» TASK TO COMPLETE
Write out the entries below once more, exactly, with the pictures left out.

» SUPPLIED RECORDS

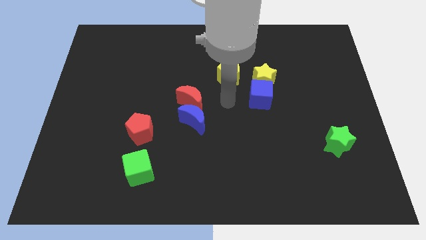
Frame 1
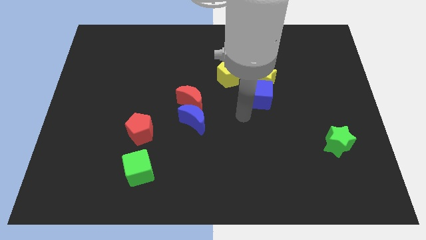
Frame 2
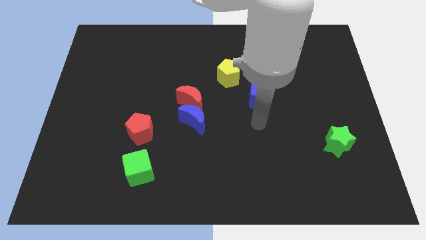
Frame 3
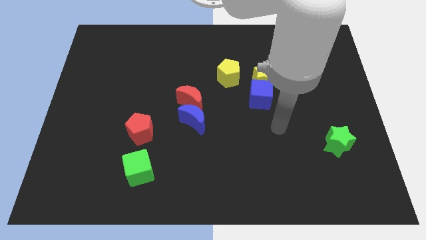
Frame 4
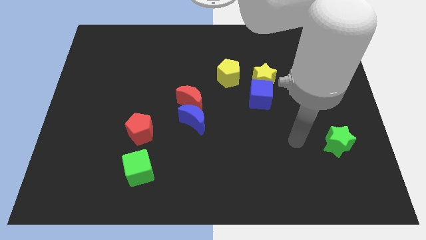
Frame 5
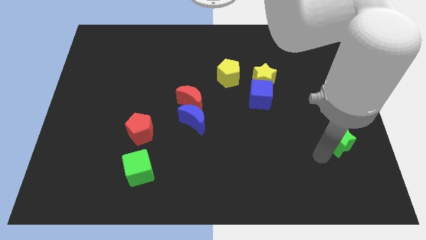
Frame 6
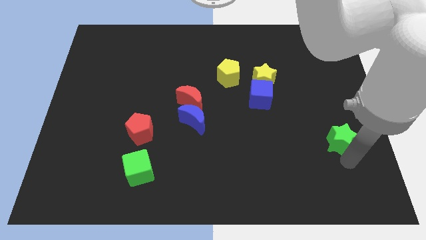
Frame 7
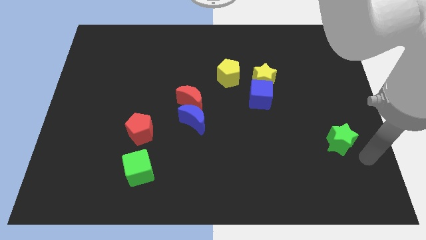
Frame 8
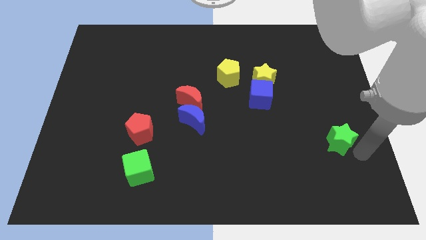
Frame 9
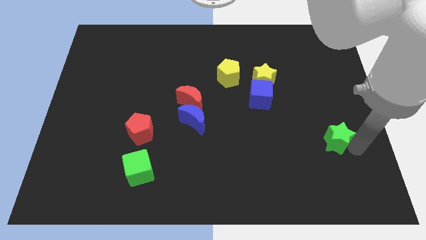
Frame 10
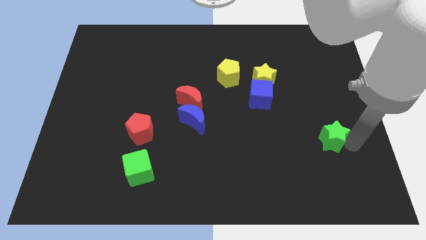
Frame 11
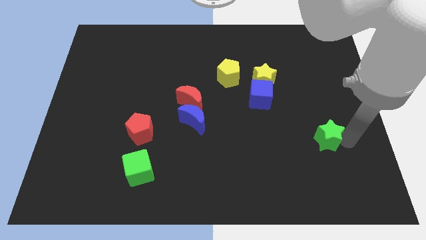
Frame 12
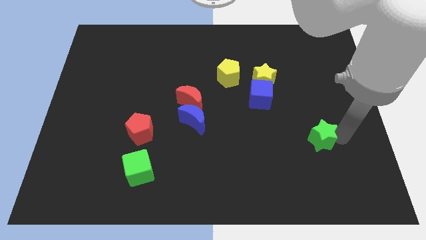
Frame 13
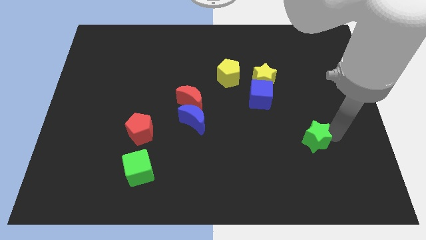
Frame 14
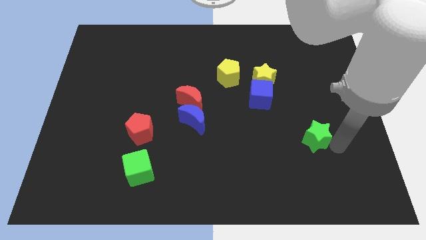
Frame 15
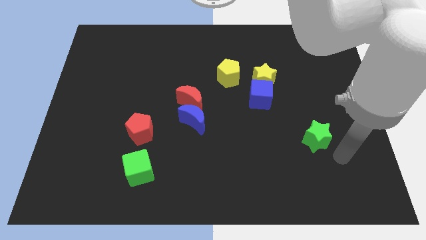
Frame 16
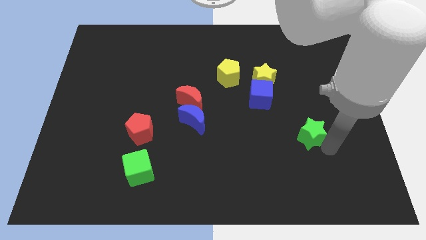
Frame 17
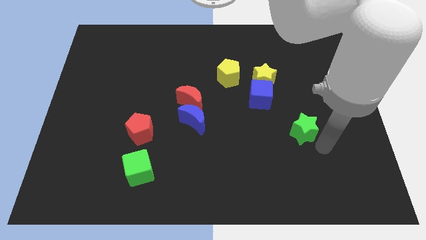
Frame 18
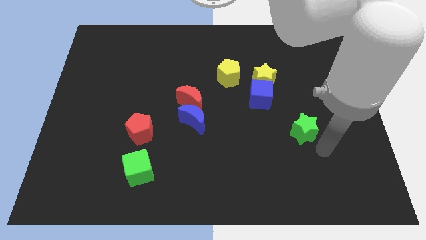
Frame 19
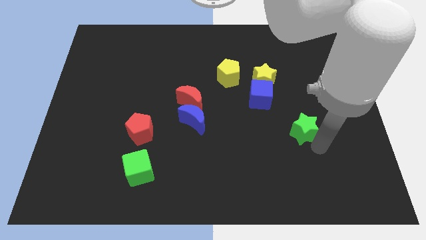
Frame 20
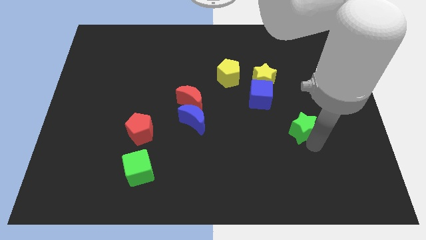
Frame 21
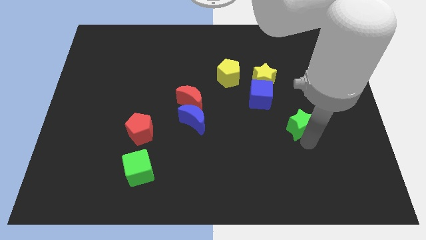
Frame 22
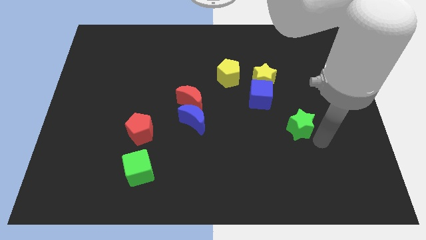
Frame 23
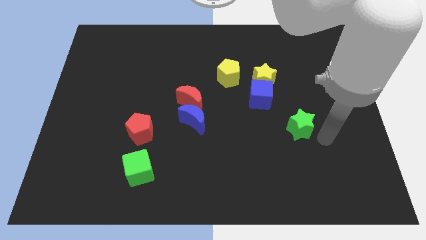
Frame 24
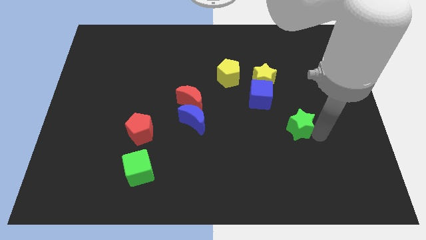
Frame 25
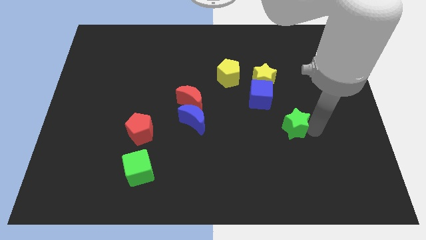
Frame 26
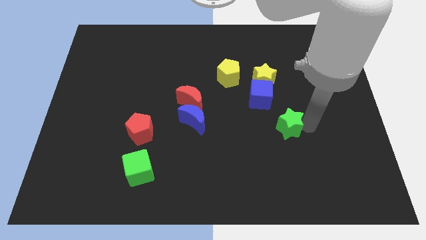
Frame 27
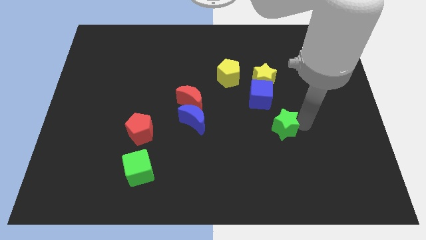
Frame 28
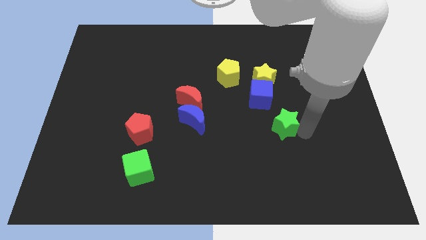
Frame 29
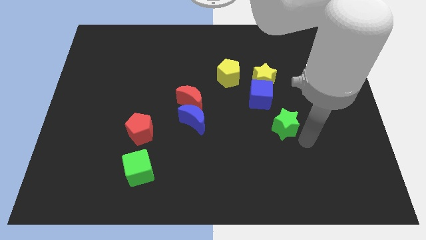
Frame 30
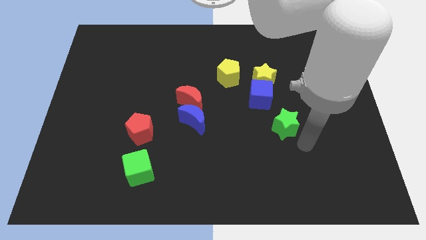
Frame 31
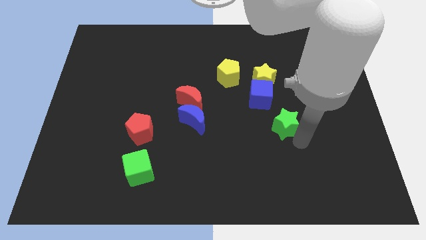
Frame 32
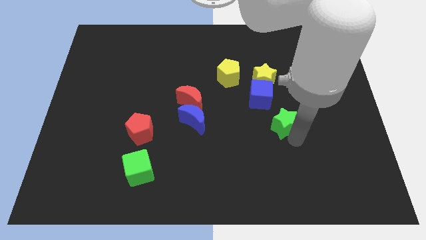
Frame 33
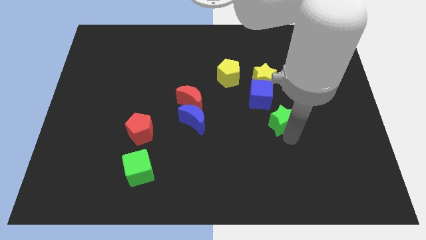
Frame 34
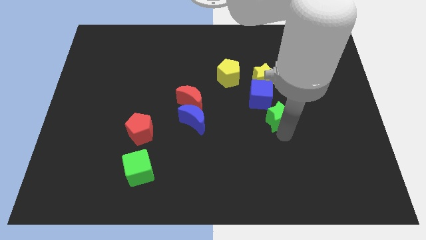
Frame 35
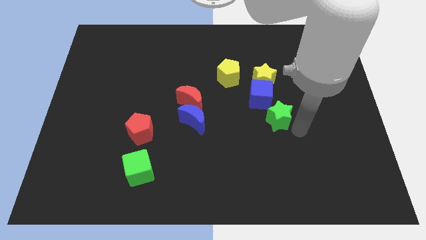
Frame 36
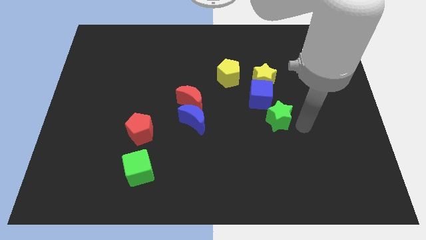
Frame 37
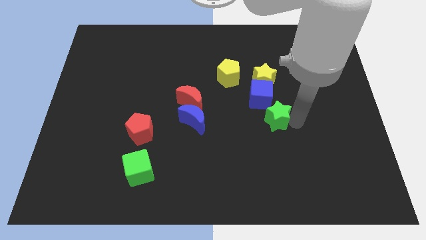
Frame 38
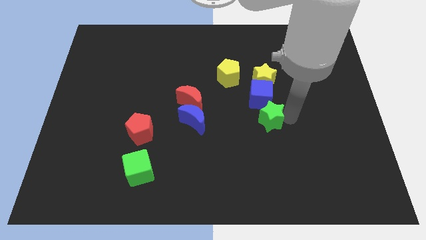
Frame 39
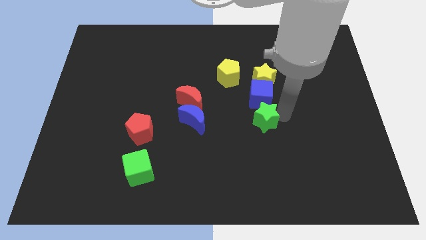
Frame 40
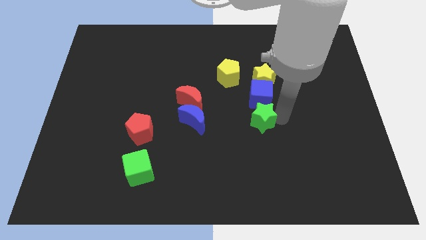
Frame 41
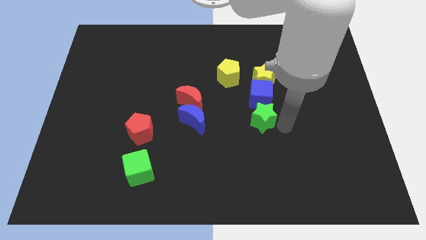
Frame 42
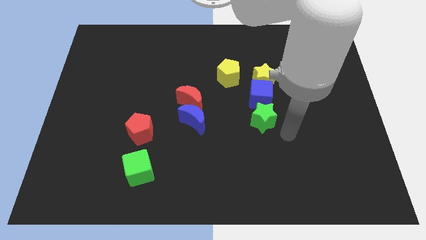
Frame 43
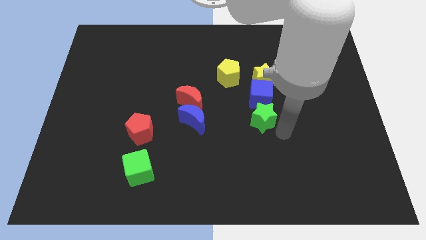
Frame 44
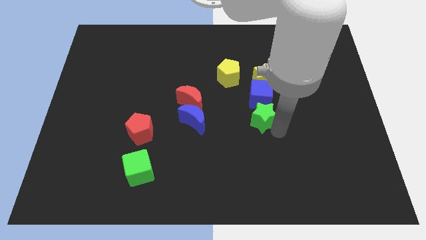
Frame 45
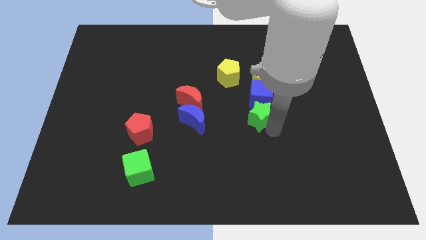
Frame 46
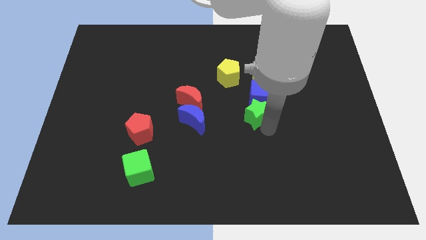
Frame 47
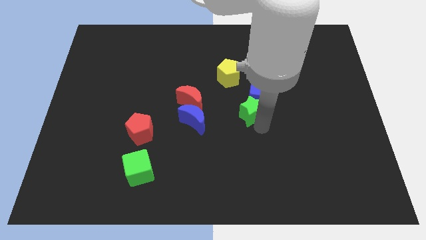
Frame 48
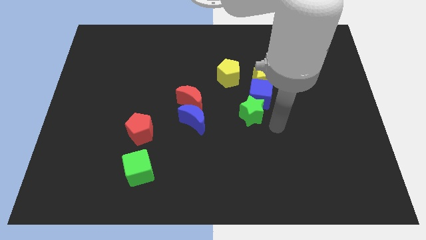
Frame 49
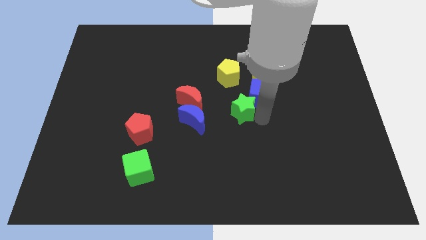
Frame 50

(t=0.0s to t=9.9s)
move the green star just left of the blue cube

» WRITTEN RESPONSE
Frame 1
Frame 2
Frame 3
Frame 4
Frame 5
Frame 6
Frame 7
Frame 8
Frame 9
Frame 10
Frame 11
Frame 12
Frame 13
Frame 14
Frame 15
Frame 16
Frame 17
Frame 18
Frame 19
Frame 20
Frame 21
Frame 22
Frame 23
Frame 24
Frame 25
Frame 26
Frame 27
Frame 28
Frame 29
Frame 30
Frame 31
Frame 32
Frame 33
Frame 34
Frame 35
Frame 36
Frame 37
Frame 38
Frame 39
Frame 40
Frame 41
Frame 42
Frame 43
Frame 44
Frame 45
Frame 46
Frame 47
Frame 48
Frame 49
Frame 50

(t=0.0s to t=9.9s)
move the green star just left of the blue cube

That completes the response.